Is humility a paradoxical component of expertise? Not really: an expert is first and foremost one who continues to learn – and this seems to apply as much to psychotherapists as it does to other professions. As Joshua Hook, a counselling psychologist at the University of North Texas and the co-author of Cultural Humility (2017), and his colleagues put it recently: ‘At face value, humility may appear to be the opposite of expertise, but we argue that humility is foundational [for achieving clinical excellence].’ Taken all together, the growing evidence for the benefits of therapist humility supports the early observation of the Danish philosopher Søren Kierkegaard, writing in 1859, that ‘all true helping begins with a humbling’.
However, therapist humility on its own is not sufficient for therapy to be effective. In our latest study, we assessed how much therapists treat themselves in a kind and forgiving manner in their personal lives (ie, report more ‘self-affiliation’) and their perceptions of themselves professionally. We anticipated that therapists’ level of personal self-affiliation would enhance the effect that professional self-doubt has on therapeutic change. Our hypothesis was supported: therapists who reported more self-doubt in their work alleviated client distress more if they also reported being kind to themselves outside of work (in contrast, therapists who scored low on self-doubt and high on self-affiliation contributed to the least change).
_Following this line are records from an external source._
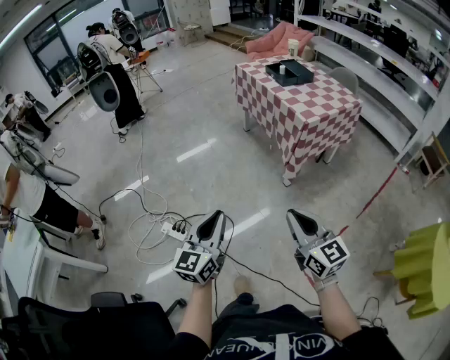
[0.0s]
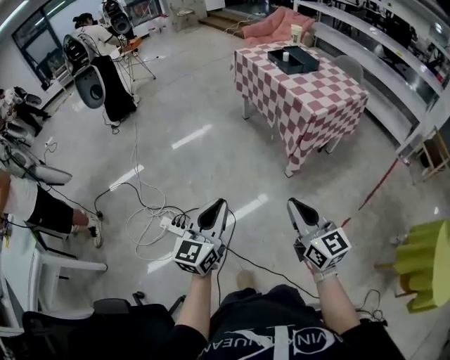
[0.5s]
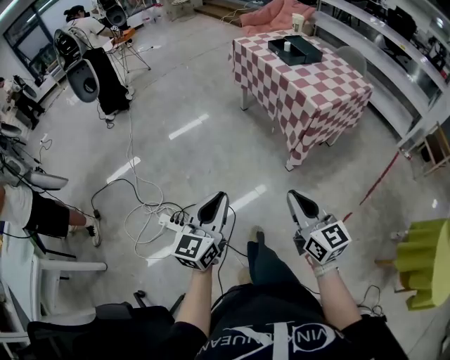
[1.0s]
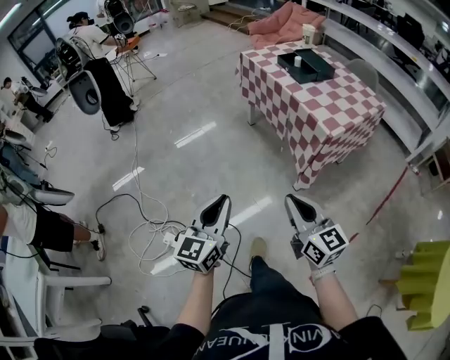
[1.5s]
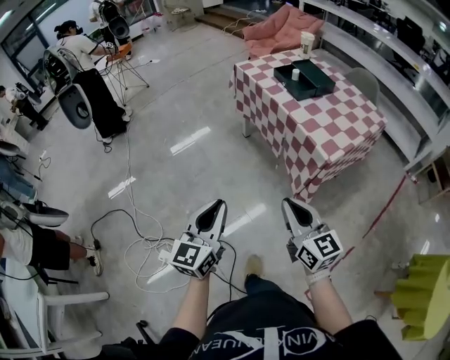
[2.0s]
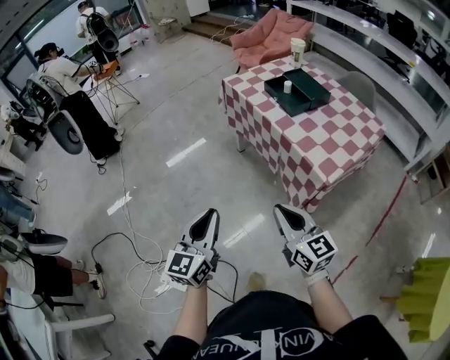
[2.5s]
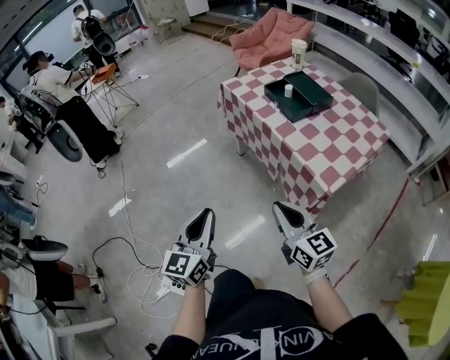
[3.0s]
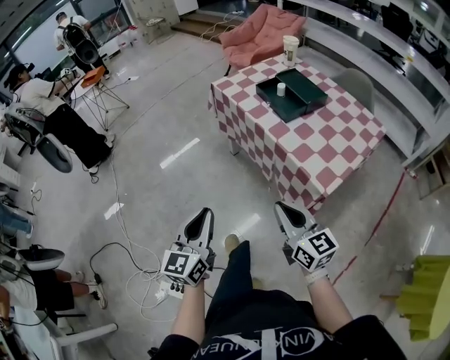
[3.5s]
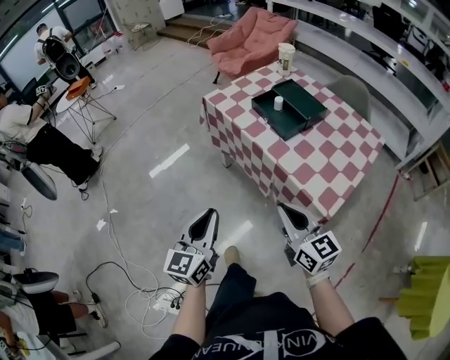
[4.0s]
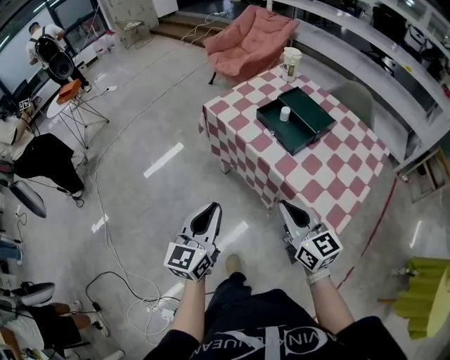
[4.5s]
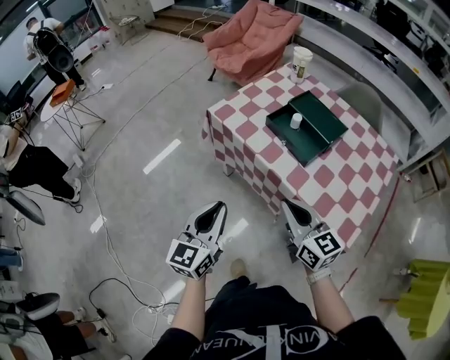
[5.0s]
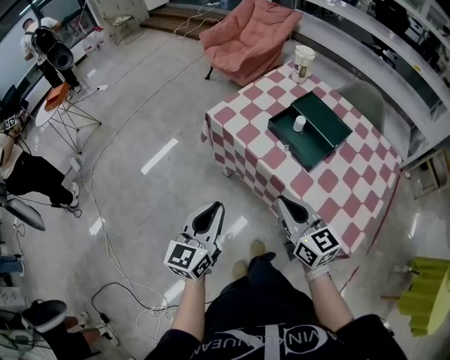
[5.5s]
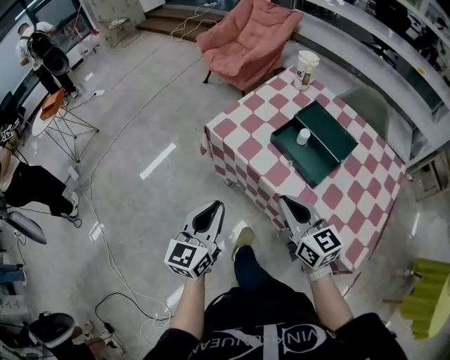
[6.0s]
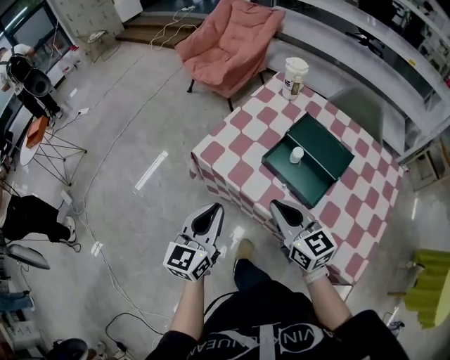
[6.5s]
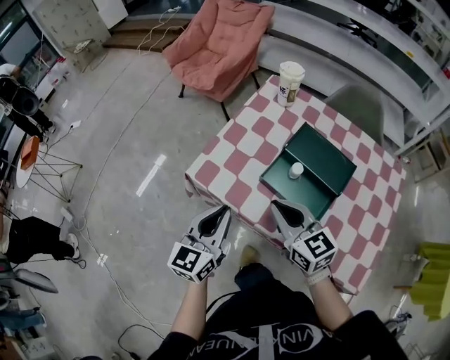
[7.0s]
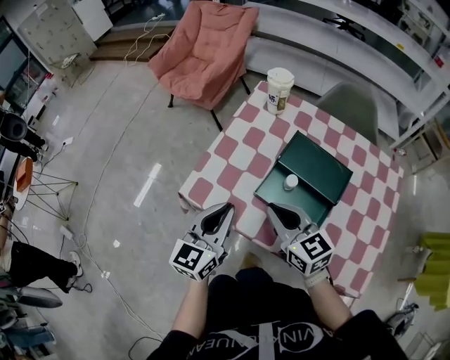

We interpreted this finding to imply that a benign self-critical stance in a therapist is beneficial, but that self-care and forgiveness without reflective self-criticism is not. The combination of self-affiliation and professional self-doubt seems to pave the way for an open, self-reflective attitude that allows psychotherapists to respect the complexity of their work, and, when needed, to correct the therapeutic course to help clients more effectively.
What does all this mean? At a time when people tend to think that their value is based on how confident they are and that they must ‘sell themselves’ in every situation, the finding that therapist humility is an underrated virtue and a paradoxical ingredient of expertise might be a relief. I’ve certainly found that the findings on the importance of humility resonate with therapists, many of whom have been skeptical of overly confident practitioners in therapy and other fields. Now we need to incorporate the message that humility is an important therapist quality into training and supervision. Part of this will involve a cultural change, so that qualified therapists can act as role-models of humility, to clients and to students, without fear of ‘losing face’ or authority.